_ACTIVITY_:
Your answer should consist of each line from the data below that contains "style".

___ DATASET

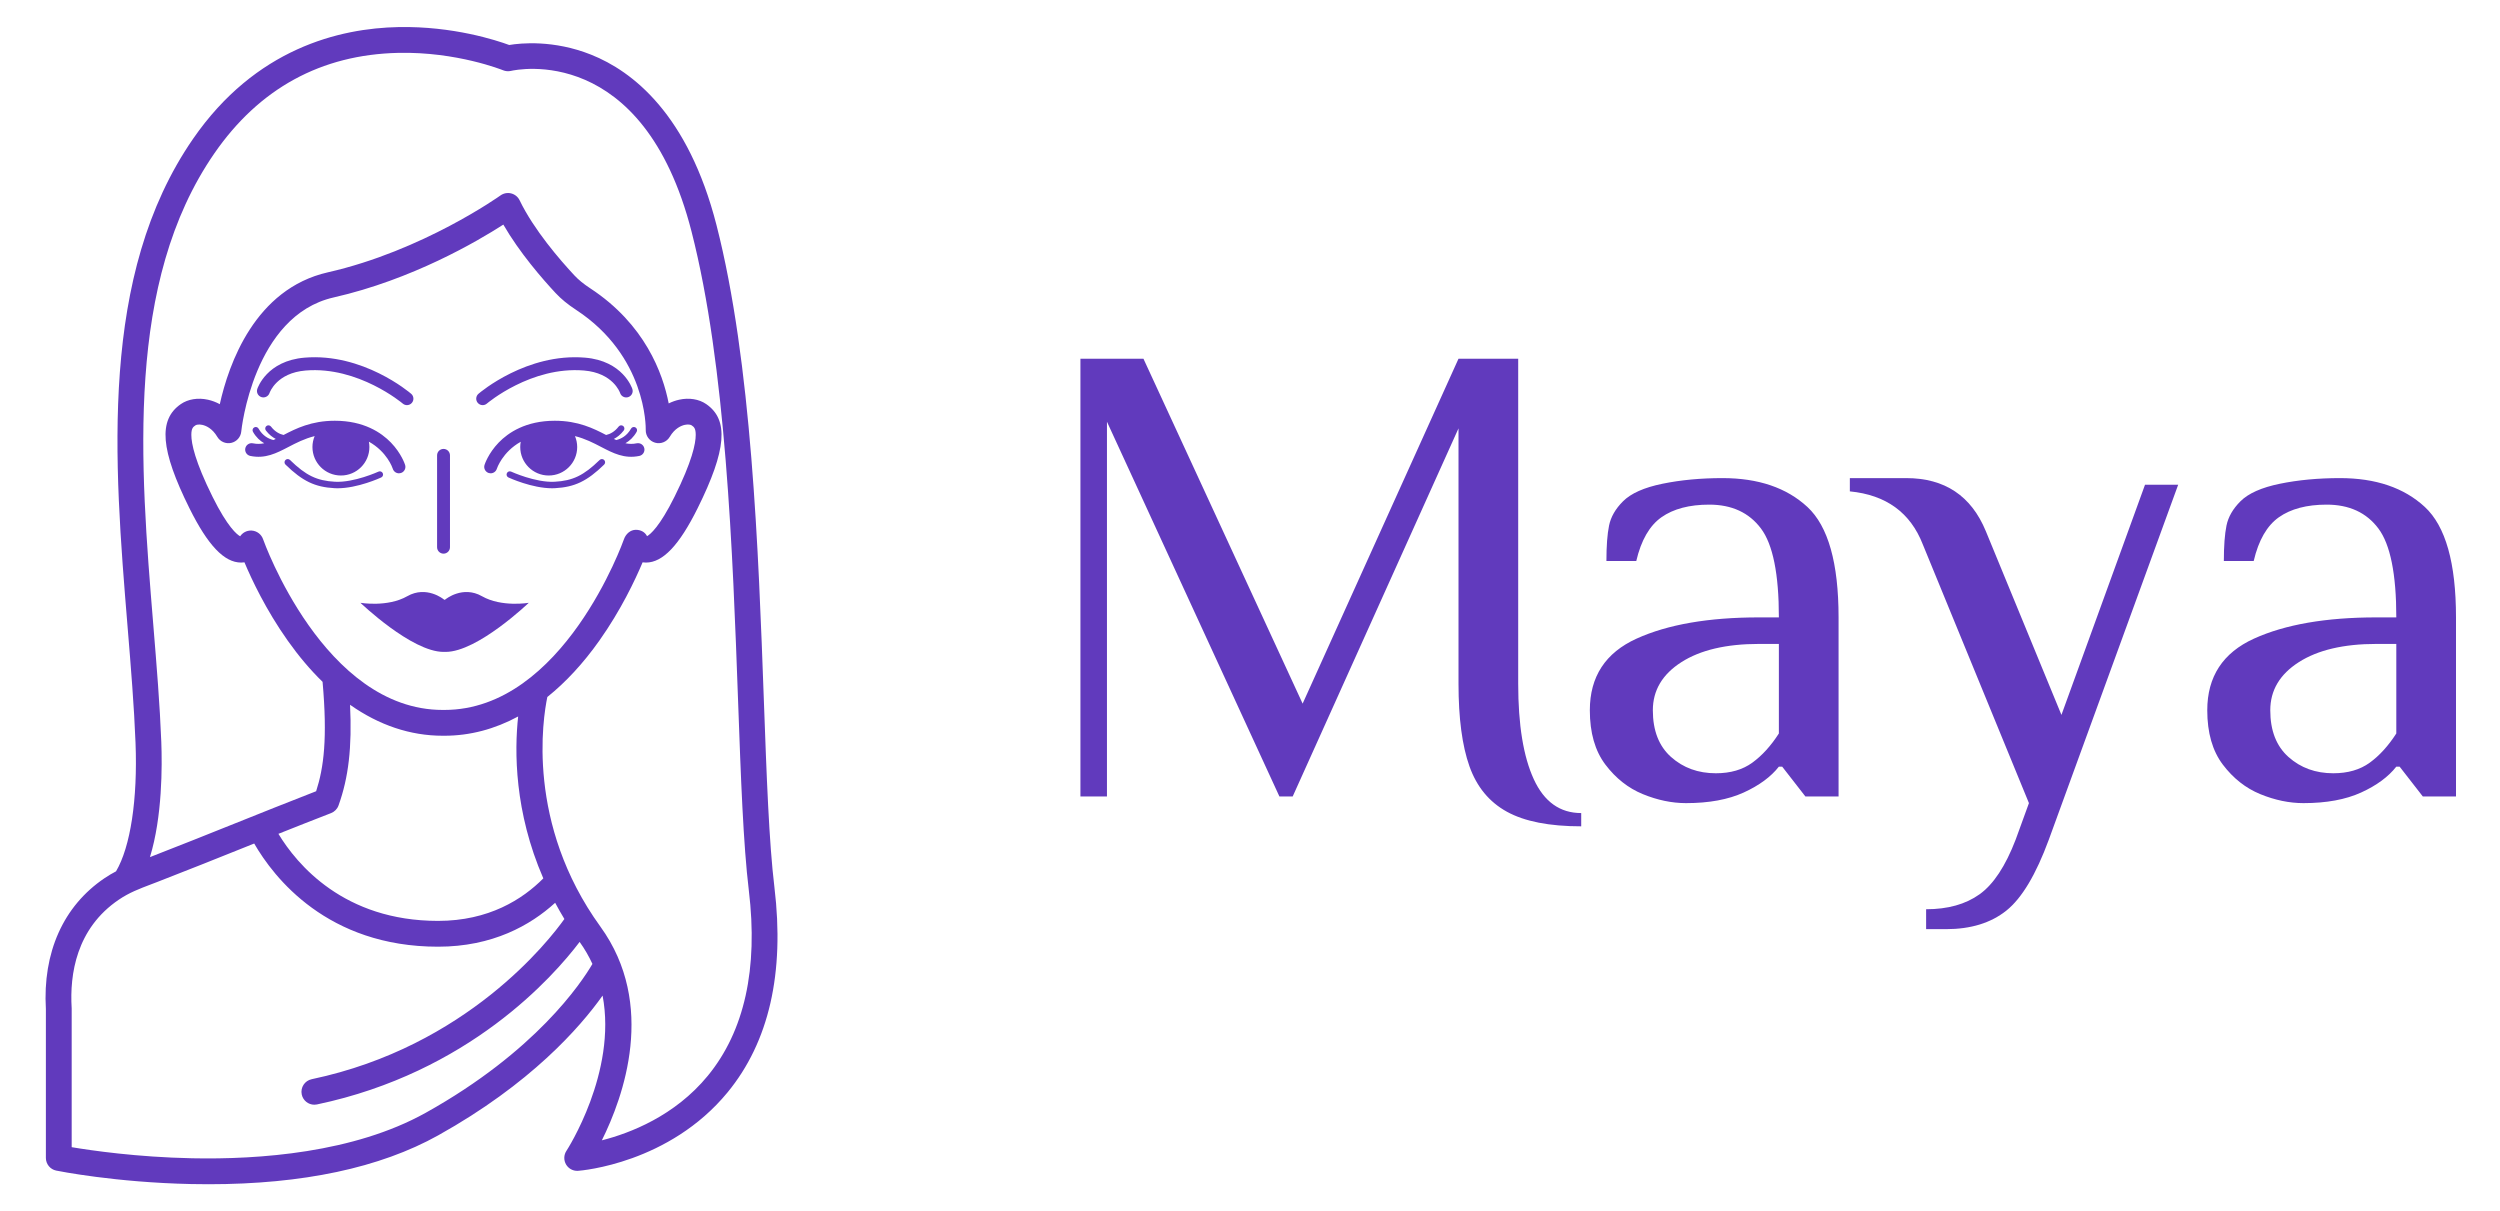 <?xml version="1.0" encoding="utf-8"?>
<!-- Generator: Adobe Illustrator 24.3.0, SVG Export Plug-In . SVG Version: 6.00 Build 0)  -->
<svg version="1.1" id="Layer_1" xmlns="http://www.w3.org/2000/svg" xmlns:xlink="http://www.w3.org/1999/xlink" x="0px" y="0px"
	 viewBox="0 0 4128 2000" style="enable-background:new 0 0 4128 2000;" xml:space="preserve">
<style type="text/css">
	.st0{fill:#613ABD;}
</style>
<g>
	<g>
		<path class="st0" d="M2488.24,1340.34c-29.21-16.07-49.83-41.07-61.88-75.02c-12.05-33.95-18.07-79.41-18.07-136.36V707.31
			l-273.81,607.85h-21.91l-284.76-618.8v618.8h-43.81V592.31h104.05l262.85,569.51l257.38-569.51h98.57v536.66
			c0,67.91,8.57,120.48,25.74,157.71c17.15,37.24,43.26,55.86,78.31,55.86v21.9C2558.34,1364.44,2517.44,1356.4,2488.24,1340.34z"/>
		<path class="st0" d="M2712.76,1311.32c-24.09-9.86-44.73-26.1-61.88-48.74c-17.16-22.63-25.74-52.57-25.74-89.81
			c0-55.48,25.74-94.91,77.21-118.28c51.47-23.36,118.83-35.05,202.07-35.05h32.86c0-71.55-9.86-120.48-29.57-146.76
			c-19.72-26.28-48.19-39.43-85.43-39.43c-32.86,0-59.14,6.95-78.86,20.81c-19.71,13.88-33.59,37.97-41.62,72.28h-49.29
			c0-24.81,1.45-44.35,4.38-58.59c2.91-14.24,10.58-27.55,23-39.97c13.14-13.14,34.86-22.81,65.17-29.02
			c30.29-6.2,63.33-9.31,99.12-9.31c59.14,0,105.86,15.88,140.19,47.64c34.31,31.76,51.47,92.55,51.47,182.36v295.71h-54.76
			l-38.33-49.28h-5.48c-13.14,16.8-32.5,31.04-58.05,42.71c-25.57,11.67-57.33,17.53-95.29,17.53
			C2760.57,1326.11,2736.85,1321.18,2712.76,1311.32z M2893.47,1259.3c16.05-11.67,30.67-27.74,43.81-48.19v-147.86h-32.86
			c-54.04,0-96.76,10.04-128.14,30.12c-31.4,20.09-47.1,46.55-47.1,79.4c0,33.59,10.03,59.33,30.12,77.21
			c20.07,17.9,44.72,26.83,73.93,26.83C2857.33,1276.82,2877.4,1270.99,2893.47,1259.3z"/>
		<path class="st0" d="M3180.41,1501.35c35.77,0,65.17-8.22,88.17-24.64c23-16.43,42.89-46.55,59.69-90.36l21.91-60.24
			l-175.24-427.14c-20.45-52.57-60.62-81.76-120.48-87.62v-21.9h93.09c63.52,0,107.33,29.21,131.43,87.62l124.86,303.38l138-380.04
			h54.76l-213.57,585.95c-21.19,57.67-44.54,96.73-70.09,117.19c-25.57,20.43-58.78,30.67-99.67,30.67h-32.86V1501.35z"/>
		<path class="st0" d="M3732.26,1311.32c-24.09-9.86-44.73-26.1-61.88-48.74c-17.16-22.63-25.74-52.57-25.74-89.81
			c0-55.48,25.74-94.91,77.21-118.28c51.47-23.36,118.83-35.05,202.07-35.05h32.86c0-71.55-9.86-120.48-29.57-146.76
			s-48.19-39.43-85.43-39.43c-32.86,0-59.14,6.95-78.86,20.81c-19.71,13.88-33.59,37.97-41.62,72.28h-49.29
			c0-24.81,1.45-44.35,4.38-58.59c2.91-14.24,10.58-27.55,23-39.97c13.14-13.14,34.86-22.81,65.17-29.02
			c30.29-6.2,63.33-9.31,99.12-9.31c59.14,0,105.86,15.88,140.19,47.64c34.31,31.76,51.47,92.55,51.47,182.36v295.71h-54.76
			l-38.33-49.28h-5.48c-13.14,16.8-32.5,31.04-58.05,42.71c-25.57,11.67-57.33,17.53-95.29,17.53
			C3780.07,1326.11,3756.35,1321.18,3732.26,1311.32z M3912.97,1259.3c16.05-11.67,30.67-27.74,43.81-48.19v-147.86h-32.86
			c-54.04,0-96.76,10.04-128.14,30.12c-31.4,20.09-47.1,46.55-47.1,79.4c0,33.59,10.03,59.33,30.12,77.21
			c20.07,17.9,44.72,26.83,73.93,26.83C3876.83,1276.82,3896.9,1270.99,3912.97,1259.3z"/>
	</g>
	<g>
		<path class="st0" d="M1278.75,1465.28c-9-74.6-12.92-183.06-17.46-308.64c-8.99-248.79-20.18-558.42-78.2-784.91
			c-46.89-183.08-138.44-254.1-206.99-281.44c-62.12-24.78-116.49-19.14-135.31-16c-21-7.74-92.66-31.29-182.55-29.59
			c-97.97,1.87-236.37,35.38-339.33,184.35C163,454.64,188.32,762.89,210.65,1034.86c5.55,67.59,10.79,131.43,13.14,191.78
			c3.63,93.28-8.38,171.76-32.17,212.09c-6.36,3.35-12.74,7.07-19.23,11.48c-67.8,45.83-102.1,122.53-96.63,216.03v245.77
			c0,10.13,7.13,18.85,17.05,20.87c3.94,0.8,97.82,19.6,222.58,22.22c9.76,0.21,19.41,0.31,28.96,0.31
			c155.55,0,283.04-27.12,379.22-80.72C876.2,1789.63,957.67,1696.5,995,1643.94c24.09,126.77-58.66,254.75-59.7,256.32
			c-4.49,6.77-4.72,15.51-0.62,22.52c3.84,6.55,10.85,10.53,18.37,10.53c0.52,0,1.05-0.02,1.58-0.06
			c6.09-0.45,150.36-12.41,246.71-129.53C1269.75,1720.54,1295.8,1606.68,1278.75,1465.28z M702.86,1837.48
			c-118.63,66.11-275.26,77.33-385.78,75.06c-90.84-1.85-166.3-12.86-198.72-18.32v-228.61c0-0.43-0.01-0.85-0.04-1.28
			c-3.34-55.29,7.47-131.2,77.98-178.86c16.96-11.53,33.87-17.95,53.46-25.39c3.33-1.27,6.71-2.55,10.15-3.88
			c48.88-18.92,96.8-38.13,143.14-56.71c5.51-2.21,11.11-4.45,16.67-6.68c32.3,55.97,120.74,170.37,303.59,170.37
			c90.06,0,152.54-35.35,193.36-72.5c4.77,8.89,9.79,17.81,15.25,26.76c-25.17,35.37-161.09,210.64-417.24,264.52
			c-11.51,2.42-18.87,13.71-16.45,25.22c2.11,10.03,10.96,16.91,20.81,16.91c1.45,0,2.93-0.15,4.4-0.46
			c250.43-52.68,389.87-210.55,433.64-268.35c8.53,11.84,15.43,24.01,21.14,36.34C959.97,1622.84,884.7,1736.15,702.86,1837.48z
			 M350.94,820.24c-28.94-58.29-35-87.73-34.99-102.16c0.01-11.1,3.02-13.17,6.83-15.79c1.42-0.98,5.6-1.98,11.3-0.72
			c5.62,1.24,16.31,5.45,24.77,19.78c4.7,7.94,13.97,11.96,22.96,9.94c9-2.01,15.69-9.58,16.56-18.76
			c0.18-1.91,19.71-191.21,152.56-221.39c129.4-29.39,236.99-92.46,280.18-120.3c26.61,46.17,64.33,89.51,86.27,113.02
			c9.16,9.83,19.98,18.7,34.04,27.92c115.9,76.06,114.92,193.28,114.83,198.16c-0.26,9.7,6.07,18.34,15.4,21.03
			s19.28-1.28,24.22-9.63c8.47-14.32,19.16-18.54,24.77-19.78c5.7-1.26,9.89-0.26,11.31,0.72c3.81,2.62,6.82,4.69,6.83,15.79
			c0.01,14.43-6.05,43.87-34.99,102.16c-24.57,49.5-39.96,62.05-45.36,65.14c-3.5-6.9-10.4-10.53-18.5-10.53c-0.02,0-0.04,0-0.07,0
			c-9.05,0.02-16.59,6.96-19.56,15.51c-0.98,2.82-100.1,281.91-296.61,281.91h-2.68c-196.14,0-295.63-279.1-296.61-281.91
			c-2.81-8.1-10.21-13.72-18.76-14.27c-0.46-0.03-0.91-0.04-1.36-0.04c-7.14,0-13.79,3.59-17.71,9.49
			C391.46,882.74,375.96,870.64,350.94,820.24z M395.62,887.12c-0.14,0.25-0.27,0.5-0.39,0.75c0.12-0.23,0.15-0.52,0.34-0.71
			C395.59,887.15,395.61,887.13,395.62,887.12z M558.99,1329.95c16.48-45.78,22.44-96.04,19.01-166.22
			c47.88,33.71,99.46,51.13,153.03,51.13h2.68c42.12,0,83.02-10.82,121.86-31.81c-6.21,57.18-6.32,157.25,41.56,267.34
			c-34.22,34.46-89.89,70.19-173.83,70.19c-155.57,0-233.12-93.42-263.59-143.76c28.58-11.39,57.58-22.86,86.93-34.22
			C552.39,1340.37,556.9,1335.75,558.99,1329.95z M1168.77,1776.27c-54.64,66.66-128.96,94.95-175,106.65
			c35.67-71.69,90.73-224.17-2.41-352.92c-123.03-170.07-94.89-344.34-87.59-379.13c30.42-24.36,59.22-55.44,85.89-93.1
			c35.78-50.54,59.36-100.62,71.4-129.24c1.79,0.25,3.64,0.39,5.55,0.39c0,0,0.01,0,0.01,0c27.81-0.01,54.91-28.52,85.3-89.74
			c47.76-96.21,51.86-146.04,14.16-171.97c-11.93-8.21-28.2-10.85-44.62-7.22c-6.01,1.33-11.8,3.39-17.29,6.15
			c-9.69-49.84-39.31-130.84-129.39-189.95c-11.14-7.31-19.48-14.1-26.26-21.37c-23.69-25.39-66.96-75.26-90.52-124.08
			c-2.73-5.66-7.84-9.83-13.93-11.37c-6.09-1.56-12.57-0.32-17.68,3.35c-1.26,0.91-128.39,91.36-284.9,126.91
			C420.84,477.03,377.57,601.4,362.92,667.39c-6.19-3.38-12.79-5.88-19.67-7.4c-16.42-3.63-32.69-0.99-44.62,7.22
			c-37.7,25.94-33.6,75.76,14.16,171.97c30.39,61.22,57.49,89.73,85.3,89.74c0,0,0.01,0,0.01,0c1.92,0,3.77-0.14,5.55-0.39
			c12.04,28.62,35.61,78.7,71.4,129.24c18.25,25.78,37.5,48.5,57.59,68.09c8.24,93.22,2.04,141.55-10.62,180.61
			c-46,17.88-91.12,35.96-134.83,53.48c-45.24,18.13-92.01,36.87-139.59,55.32c20.52-66.69,20.27-150.94,18.74-190.28
			c-2.38-61.27-7.66-125.56-13.25-193.61c-21.75-264.85-46.41-565.04,100.85-778.11C428.07,146.01,530.23,90.17,657.57,87.3
			c96.61-2.18,172.41,28.42,173.14,28.72c4.1,1.69,8.7,2.05,13.02,1.04c8.87-2.04,218.19-46.82,298.12,265.24
			c56.88,222.04,67.98,529.13,76.9,775.88c4.57,126.54,8.52,235.83,17.73,312.2C1252.05,1599.54,1229.27,1702.46,1168.77,1776.27z"
			/>
		<path class="st0" d="M595.17,995.36c0,0,84.52,81.05,137.19,81.05h3.53c52.68,0,137.19-81.05,137.19-81.05
			s-44.69,7.68-77.26-10.88c-31.78-18.12-59.93,4.95-59.93,4.95l-1.76,1.1l-1.76-1.1c0,0-28.15-23.07-59.93-4.95
			C639.86,1003.04,595.17,995.36,595.17,995.36z"/>
		<path class="st0" d="M1041.98,707.76c-6.75,11.96-16.39,16.9-24.42,18.86c-1.3-0.59-2.61-1.19-3.95-1.84
			c5.55-2.88,11.18-7.23,16.32-13.94c1.79-2.33,1.34-5.68-0.99-7.46c-2.33-1.79-5.68-1.34-7.46,1
			c-6.56,8.58-14.11,12.36-20.67,13.89c-20.54-10.69-46.09-23.52-84.67-23.52c-0.03,0-0.05,0-0.08,0
			c-47.84,0.02-76.76,19.6-92.61,36.02c-17.34,17.98-23.18,36.19-23.42,36.95c-1.76,5.61,1.37,11.58,6.98,13.34
			c1.06,0.33,2.13,0.49,3.18,0.49c4.53,0,8.73-2.91,10.16-7.47c0.12-0.4,9.07-27.6,39.48-44.62c-0.53,2.82-0.82,5.72-0.82,8.69
			c0,25.97,21.05,47.02,47.02,47.02c25.97,0,47.02-21.05,47.02-47.02c0-6.41-1.34-12.49-3.66-18.06
			c17.02,4.3,30.61,11.34,43.12,17.86c19.79,10.31,38.47,20.04,63.14,14.9c5.76-1.2,9.45-6.84,8.25-12.6
			c-1.2-5.76-6.85-9.45-12.6-8.25c-6.62,1.38-12.67,1.19-18.65-0.1c6.91-3.93,13.54-9.95,18.59-18.91c1.44-2.56,0.54-5.81-2.02-7.25
			C1046.67,704.28,1043.42,705.19,1041.98,707.76z"/>
		<path class="st0" d="M796.98,668.97c2.46,0,4.92-0.84,6.93-2.57c0.72-0.62,73.09-61.86,160.3-54.62
			c47.75,3.96,59.26,35.85,59.7,37.12c1.81,5.59,7.82,8.67,13.41,6.84c5.59-1.81,8.66-7.82,6.84-13.41
			c-0.62-1.9-15.82-46.61-78.19-51.78c-95.95-7.97-172.71,56.92-175.93,59.68c-4.46,3.83-4.97,10.55-1.14,15.01
			C791.01,667.71,793.99,668.97,796.98,668.97z"/>
		<path class="st0" d="M990.14,759.5c-26.31,25.61-44.38,34.35-74.37,35.97c-31.44,1.67-71.37-16.54-71.77-16.73
			c-2.67-1.24-5.83-0.07-7.06,2.6c-1.23,2.67-0.07,5.83,2.6,7.06c1.65,0.76,38.99,17.82,72.01,17.82c1.61,0,3.21-0.04,4.8-0.13
			c32.6-1.75,53.1-11.59,81.22-38.97c2.11-2.05,2.15-5.42,0.1-7.53C995.61,757.49,992.24,757.45,990.14,759.5z"/>
		<path class="st0" d="M413.31,752.84c24.66,5.15,43.35-4.59,63.14-14.9c12.51-6.52,26.11-13.56,43.12-17.86
			c-2.32,5.57-3.66,11.65-3.66,18.06c0,25.97,21.05,47.02,47.02,47.02c25.97,0,47.02-21.05,47.02-47.02c0-3.02-0.31-5.96-0.85-8.82
			c29.89,16.6,38.96,43.06,39.52,44.79c1.44,4.53,5.63,7.43,10.15,7.43c1.05,0,2.12-0.16,3.18-0.49c5.61-1.75,8.74-7.73,6.98-13.34
			c-0.24-0.77-6.07-18.98-23.42-36.95c-15.84-16.42-44.77-36.01-92.61-36.02c-0.03,0-0.05,0-0.08,0c-38.54,0-64.07,12.8-84.61,23.49
			c-6.59-1.52-14.17-5.28-20.74-13.86c-1.78-2.34-5.13-2.78-7.46-1c-2.33,1.78-2.78,5.13-0.99,7.46
			c5.14,6.72,10.76,11.06,16.32,13.94c-1.31,0.64-2.6,1.23-3.88,1.81c-8.05-1.96-17.76-6.91-24.49-18.83
			c-1.45-2.56-4.69-3.47-7.25-2.02c-2.56,1.44-3.46,4.69-2.02,7.25c5.06,8.96,11.68,14.98,18.59,18.91
			c-5.98,1.28-12.02,1.48-18.65,0.1c-5.74-1.19-11.39,2.49-12.6,8.25C403.86,746,407.55,751.64,413.31,752.84z"/>
		<path class="st0" d="M431.57,655.67c5.55,1.85,11.55-1.16,13.46-6.68c0.47-1.36,11.97-33.26,59.72-37.21
			c86.92-7.19,159.58,54,160.3,54.62c2.01,1.72,4.47,2.56,6.92,2.56c3,0,5.98-1.26,8.09-3.72c3.82-4.46,3.32-11.17-1.14-15
			c-3.22-2.76-79.95-67.66-175.93-59.68c-62.38,5.17-77.57,49.88-78.19,51.78C423,647.89,426.03,653.82,431.57,655.67z"/>
		<path class="st0" d="M632.03,781.34c-1.23-2.67-4.4-3.83-7.06-2.6c-0.4,0.18-40.31,18.38-71.77,16.73
			c-29.99-1.61-48.06-10.35-74.37-35.97c-2.11-2.05-5.48-2.01-7.53,0.1c-2.05,2.11-2.01,5.48,0.1,7.53
			c28.13,27.38,48.62,37.22,81.22,38.97c1.58,0.09,3.18,0.13,4.8,0.13c33.02,0,70.36-17.06,72.01-17.82
			C632.1,787.17,633.26,784.01,632.03,781.34z"/>
		<path class="st0" d="M732.36,914.2c5.88,0,10.65-4.76,10.65-10.64V751.89c0-5.88-4.77-10.64-10.65-10.64s-10.65,4.76-10.65,10.64
			v151.67C721.71,909.44,726.48,914.2,732.36,914.2z"/>
	</g>
</g>
</svg>

______

_TASK ANSWER_:
	 viewBox="0 0 4128 2000" style="enable-background:new 0 0 4128 2000;" xml:space="preserve">
<style type="text/css">
</style>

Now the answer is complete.